2014 International Meeting for Autism Research

May 14 - 17, 2014

Biomarker discovery in medicine is foundational to advancing knowledge and developing beneficial clinical applications. Autism is a strongly genetic disorder, and as such, research on endophenotypes, a special case of biomarkers, is an especially important avenue to identification of genetic factors underlying neural and clinical manifestations. However, biomarker discovery is at an early stage because of the challenges in studying the disorder in the first years of life, its changing phenotypic nature as early development progresses, and its multidimensional genomic, biological and behavioral character. Nonetheless, as presented and discussed in this panel, new research studies using innovative systems biology, imaging and clinical methodologies, have been successful in illuminating genomic and neural developmental bases of the disorder, explicating the neurofunctional bases of important aspects of clinical heterogeneity, identifying endophenotypes and uncovering potential diagnostic and prognostic signatures in at risk infants and toddlers.
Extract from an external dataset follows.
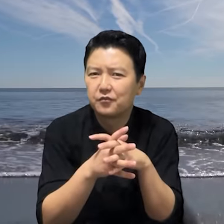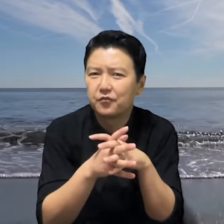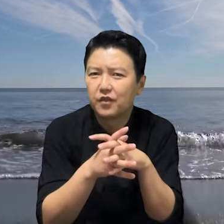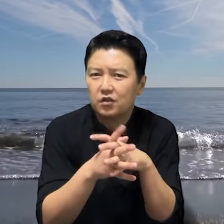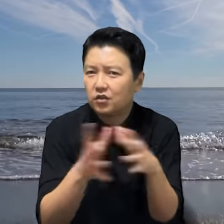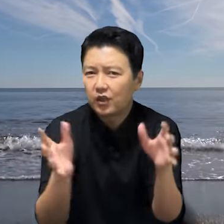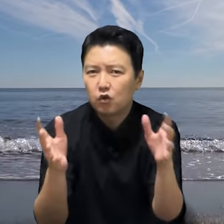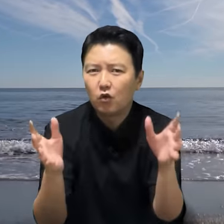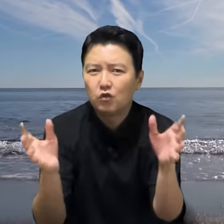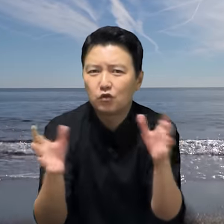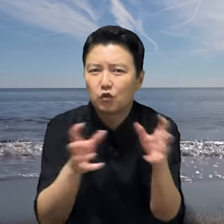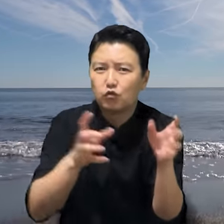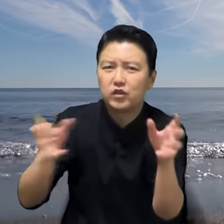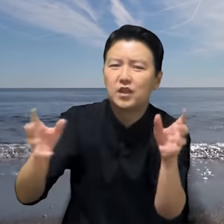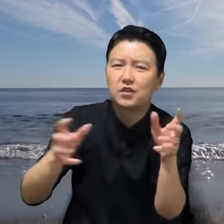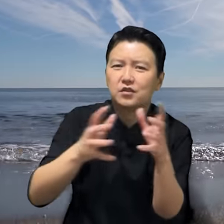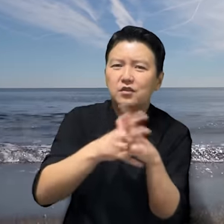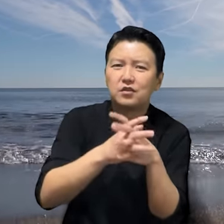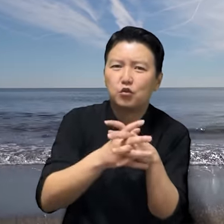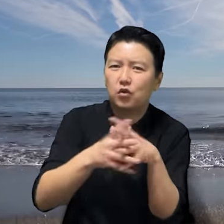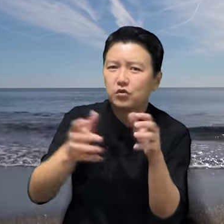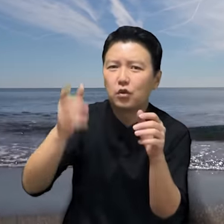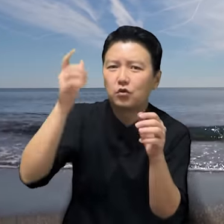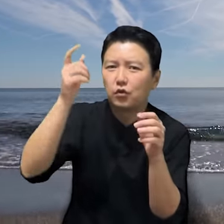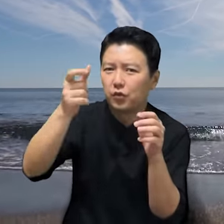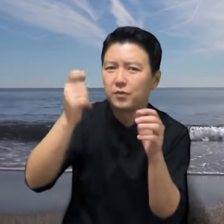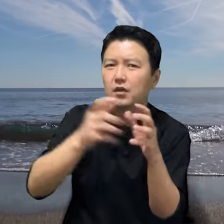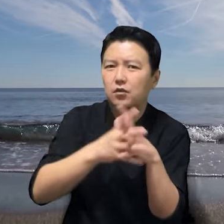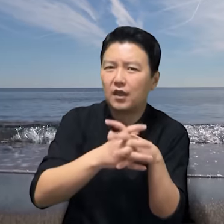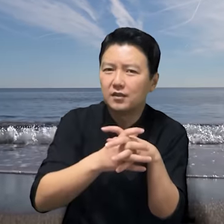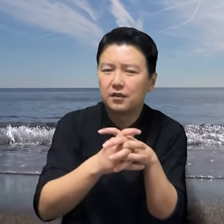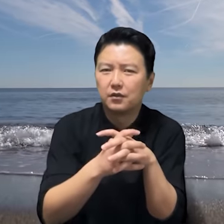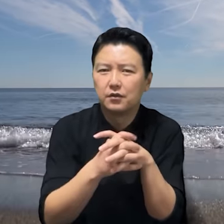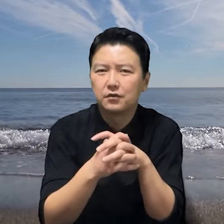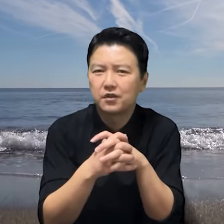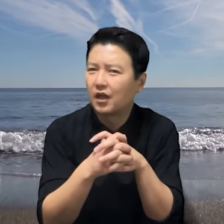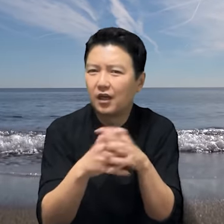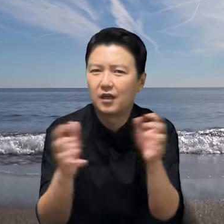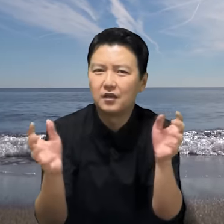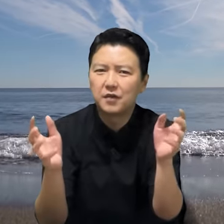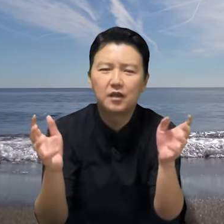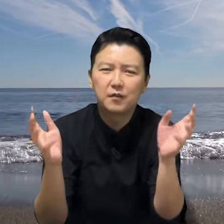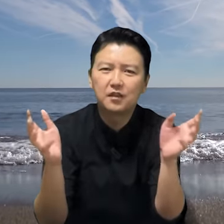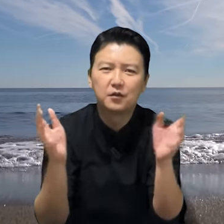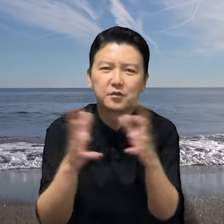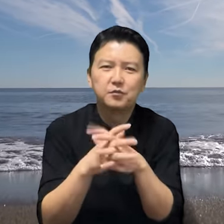그때 총은 또 룰린한테 있었으니 권총으로 위협한 것도 아니잖아요. 참 할 마리가 없습니다.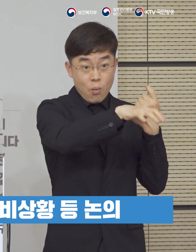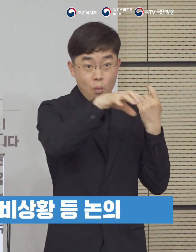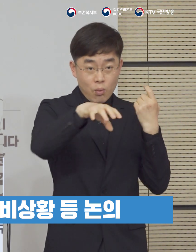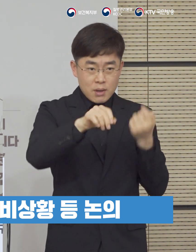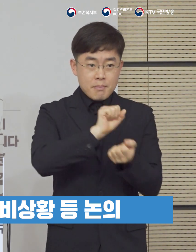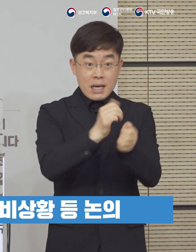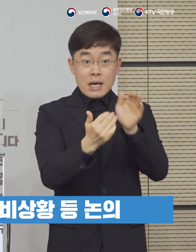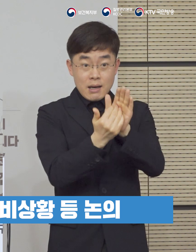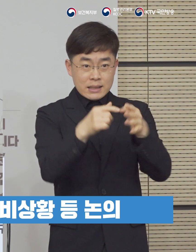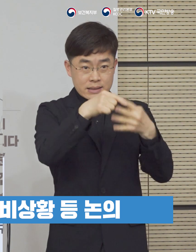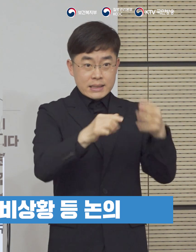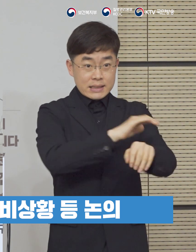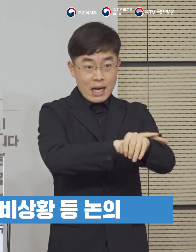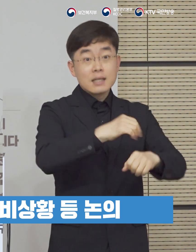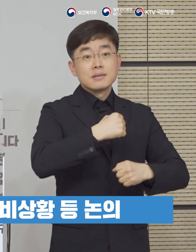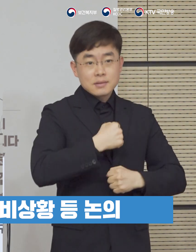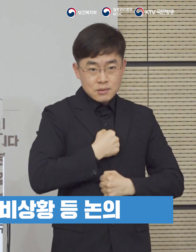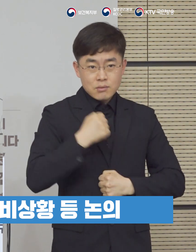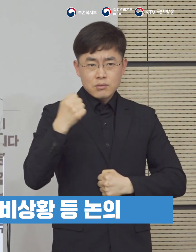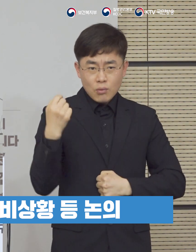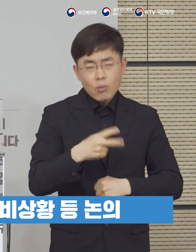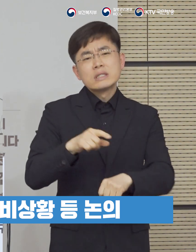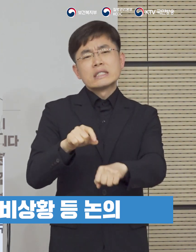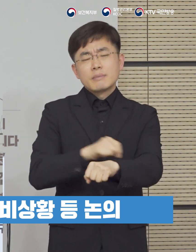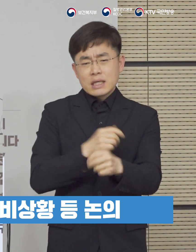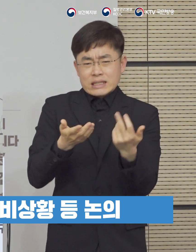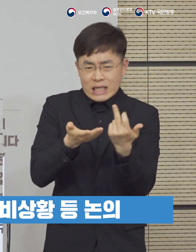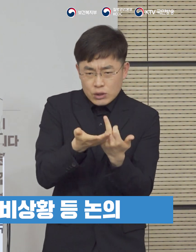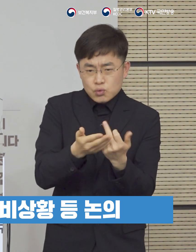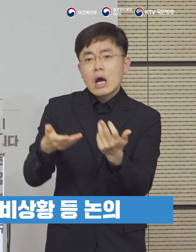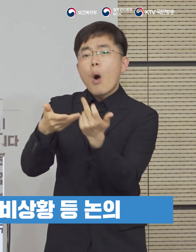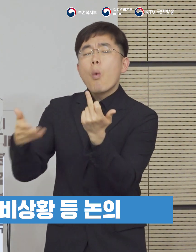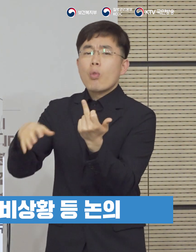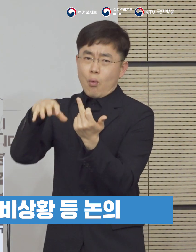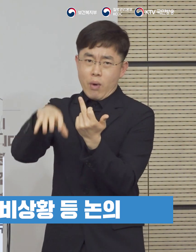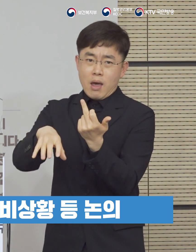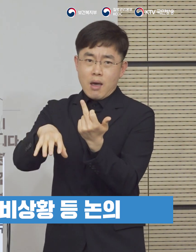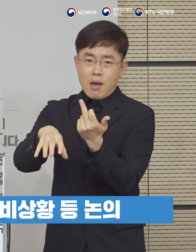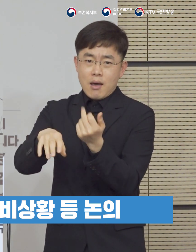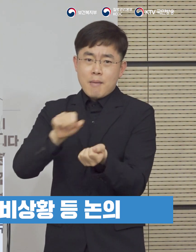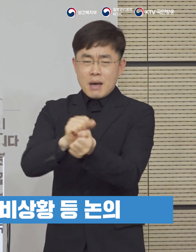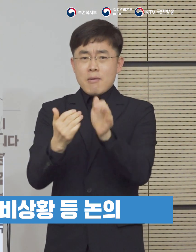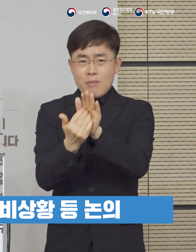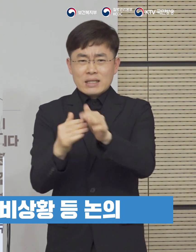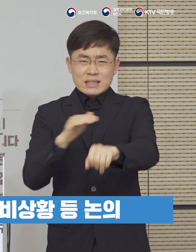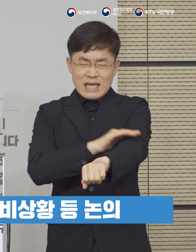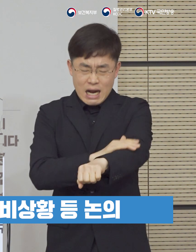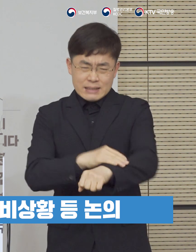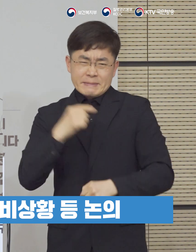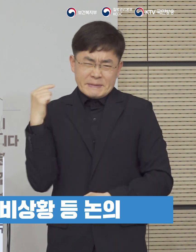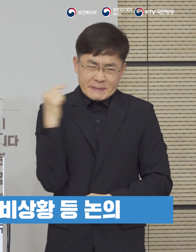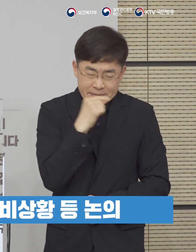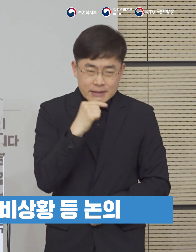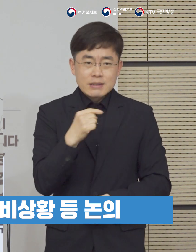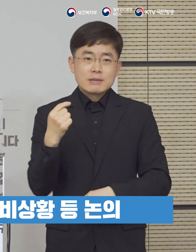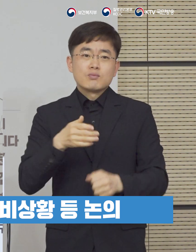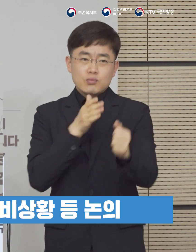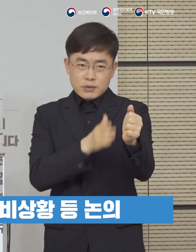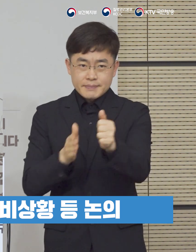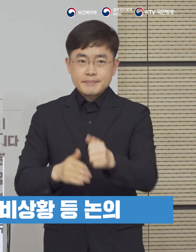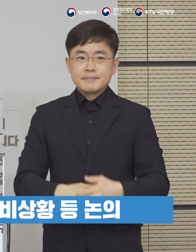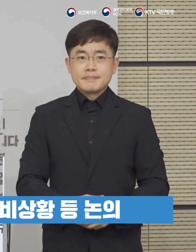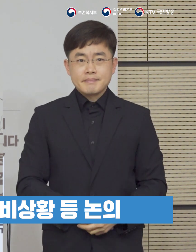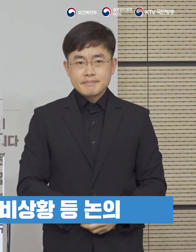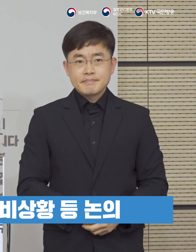방역수칙을 준수하고 제주와 강원 등 지역에서는 방역 준비를 철저히 해줄 것을 당부하였습니다.

Discussion will address the pivotal role played by early biomarkers in general and endophenotypes in particular in clarifying mechanisms and processes, phenotypic heterogeneity, neural and clinical developmental trajectories. Discussion will consider early biomarkers as standing at a crucial crossroad pointing backward to earlier developmental processes, states or events, including potential etiological ones, and forward insofar as they explain unfolding development and serve as diagnostic and prognostic risk predictors.